3.3.4. Cytotoxicity Assay

To evaluate the viability of Vero cells, the Alamar blue method was followed [96]. First, 10⁴ Vero cells/well in 100 $\mathsf{\mu }$L MEM-10% FBS were seeded in 96-well culture plates. After 24 h, 50 $\mathsf{\mu }$M inhibitor solution was added to cell monolayers and incubated for 96 h. After incubation, resazurin solution (final concentration 10 $\mathsf{\mu }$g·mL⁻¹) was added to each well, and fluorescence was measured after 2 h in a Synergy HTX multi-mode microplate reader (Biotek Instruments, Winooski, VT, USA) using the 530–560 nm emission and 590 nm excitation filters. Each condition was tested in triplicate and in at least three independent experiments.

3.3.5. Statistical Analysis

All statistical analyses were performed with GraphPad Prism 6 and complemented with Python-based scripts.

4. Conclusions

The present work has been conducted in the context of CD, which remains a neglected disease requiring continuous scientific efforts to develop potent and safe drugs. The validation of CZP as a therapeutic target for T. cruzi and the renewed interest in TCI as pharmacotherapeutic alternatives stand out. Building on the previous research, we have further demonstrated the potential of the triazole scaffold to develop peptidomimetic antichagasic agents targeting CZP. The versatility of triazole chemistry has enabled us to explore a vast chemical space through in silico methodologies, with good predictions of CZP inhibition, which were largely validated through complementary experimental efforts.
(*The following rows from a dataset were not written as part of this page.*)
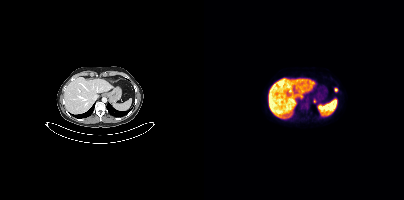
{"modality":"PSMA PET/CT","view":"axial","tracer":"[18F]PSMA-1007","pet_grid":[200,200],"coord_frame":"pet_panel","coord_format":"x0,y0,x1,y1","lesion_bboxes":[[109,98,112,103]],"small_foci_centers":[[131,89]]}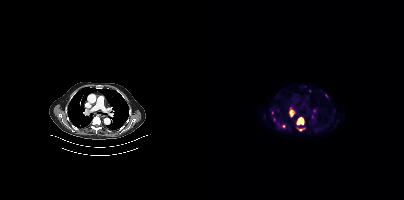
{"modality":"PSMA PET/CT","view":"axial","tracer":"18F","pet_grid":[200,200],"coord_frame":"pet_panel","coord_format":"x0,y0,x1,y1","partial":true,"lesion_bboxes":[[93,117,99,124],[85,108,89,116],[95,128,100,130]],"small_foci_centers":[[70,119],[79,126],[68,112],[105,90]]}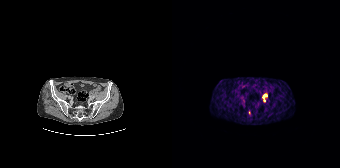
Findings: Coordinates are on the 168×168 PET (right) panel. PSMA-avid tumor lesion bounding box (x0, y0)-(x1, y1): (91, 94)-(95, 101). Small PSMA-avid focus (2 to 4 px across) near (center x, center y): (77, 112).
Technique: Paired axial CT (left) and PSMA PET (right), 68Ga tracer. acquired on Siemens Biograph 64-4R TruePoint.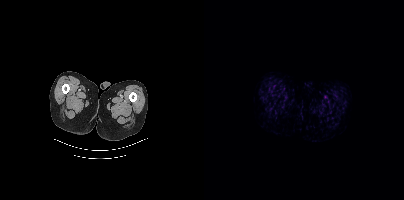
modality: PSMA PET/CT | tracer: [18F]PSMA-1007 | view: axial
This slice has no annotated PSMA-avid lesion.

In this study, we elucidated a comprehensive structure–activity relationship (SAR) concerning the binding mode of potent and selective CZP inhibitors. Our results confirm that the chemical space for effective bioactivity translation from CZP to T. cruzi is indeed narrow but compatible with adequate selectivity over hCatL.

Carefully designed screening campaigns, coupled with robust criteria for sampling the compound regions to be experimentally explored, enhance the chances of identifying candidates with the desired trypanocidal effect. Following this approach, we identified a potent, safe and selective antichagasic candidate (Ald-6) that merits further advancement to more complex preclinical bioactivity assessments, such as in vivo models. Additionally, we delineated a confined chemical space where the likelihood of identifying clinically useful CZP TCI is maximized.
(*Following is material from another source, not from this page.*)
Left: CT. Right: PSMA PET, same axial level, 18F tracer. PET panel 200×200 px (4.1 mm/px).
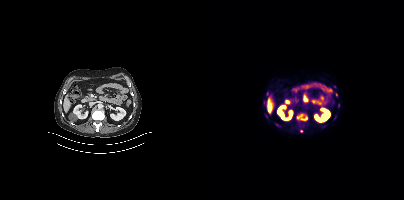
Coordinates are on the 200×200 PET (right) panel. (showing 4 of 5 foci) PSMA-avid tumor lesion bounding boxes (x0,y0,x1,y1): [96,117,103,120]; [93,114,98,118]. Small PSMA-avid foci (2 to 4 px across) near (center x, center y): (132, 94); (97, 130).

Overall, in agreement with the recent findings, we emphasize the critical need to include cell-based T. cruzi infection assays alongside classical CZP inhibition evaluations in the preclinical development pipeline of antichagasic agents.
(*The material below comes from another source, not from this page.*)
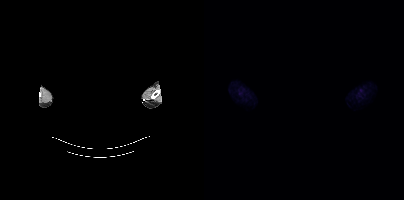
deidentification: facial region redacted | modality: PSMA PET/CT | tracer: [18F]PSMA-1007 | view: axial | PET grid: 200×200
No tumor lesions annotated on this slice.

As ongoing work related to the presented research efforts, additional WH groups are envisioned that not only may provide an adequate reactivity for Cys25 labeling but may also contribute to the specific recognition of the inhibitor within the CZP catalytic site. In this respect, the WH groups reported in the present work (i.e., Es and Ald) are feasible to be further modified towards reactive groups that provide additional intermolecular recognition contributions.